◆ **Aim of the task**:
Copy all records exactly, excluding images.

◆ **Records for the task**:

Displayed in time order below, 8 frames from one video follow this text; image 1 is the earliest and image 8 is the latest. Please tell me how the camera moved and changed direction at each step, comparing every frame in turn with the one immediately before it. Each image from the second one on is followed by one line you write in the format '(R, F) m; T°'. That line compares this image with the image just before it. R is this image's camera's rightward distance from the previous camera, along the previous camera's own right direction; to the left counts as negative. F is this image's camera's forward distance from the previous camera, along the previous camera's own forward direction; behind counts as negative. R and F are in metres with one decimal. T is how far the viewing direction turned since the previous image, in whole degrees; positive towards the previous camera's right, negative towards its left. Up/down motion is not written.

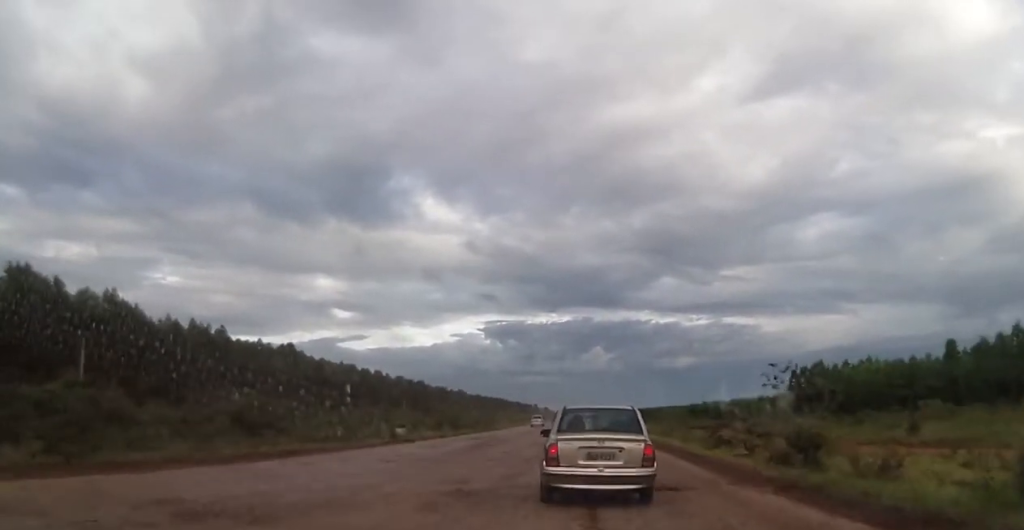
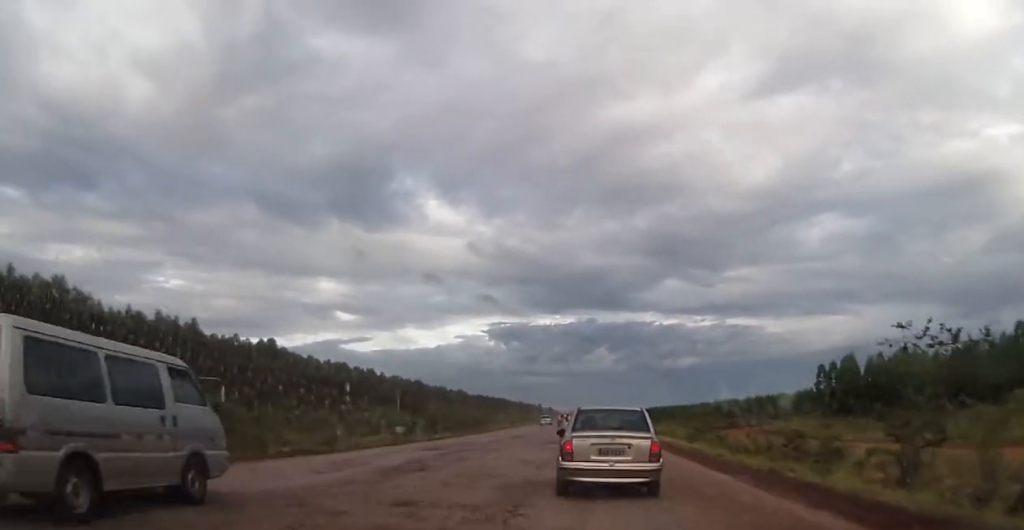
(-0.1, +13.4) m; 0°
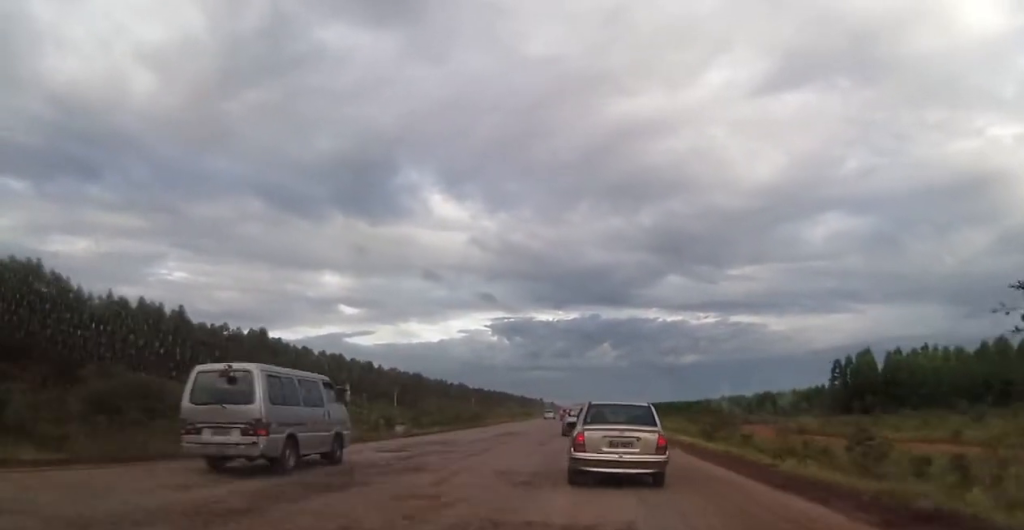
(+0.1, +5.5) m; +1°
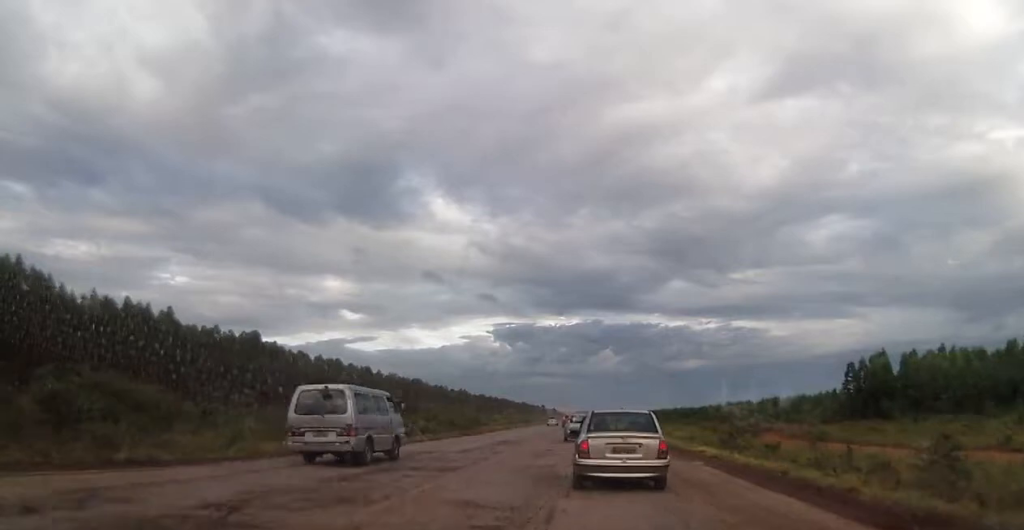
(0.0, +4.1) m; +1°
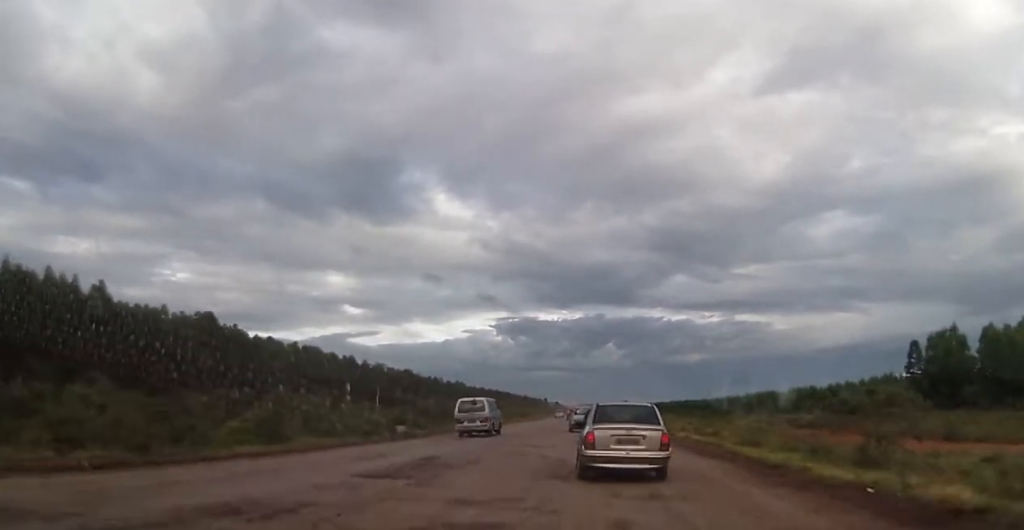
(-0.1, +17.0) m; -3°
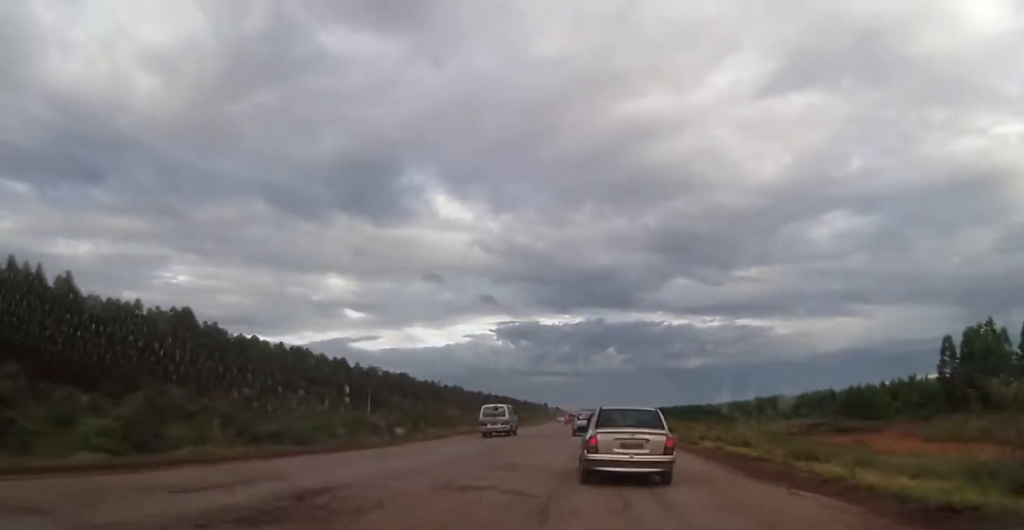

◆ **Answer space**:
Displayed in time order below, 8 frames from one video follow this text; image 1 is the earliest and image 8 is the latest. Please tell me how the camera moved and changed direction at each step, comparing every frame in turn with the one immediately before it. Each image from the second one on is followed by one line you write in the format '(R, F) m; T°'. That line compares this image with the image just before it. R is this image's camera's rightward distance from the previous camera, along the previous camera's own right direction; to the left counts as negative. F is this image's camera's forward distance from the previous camera, along the previous camera's own forward direction; behind counts as negative. R and F are in metres with one decimal. T is how far the viewing direction turned since the previous image, in whole degrees; positive towards the previous camera's right, negative towards its left. Up/down motion is not written.

(-0.1, +13.4) m; 0°
(+0.1, +5.5) m; +1°
(0.0, +4.1) m; +1°
(-0.1, +17.0) m; -3°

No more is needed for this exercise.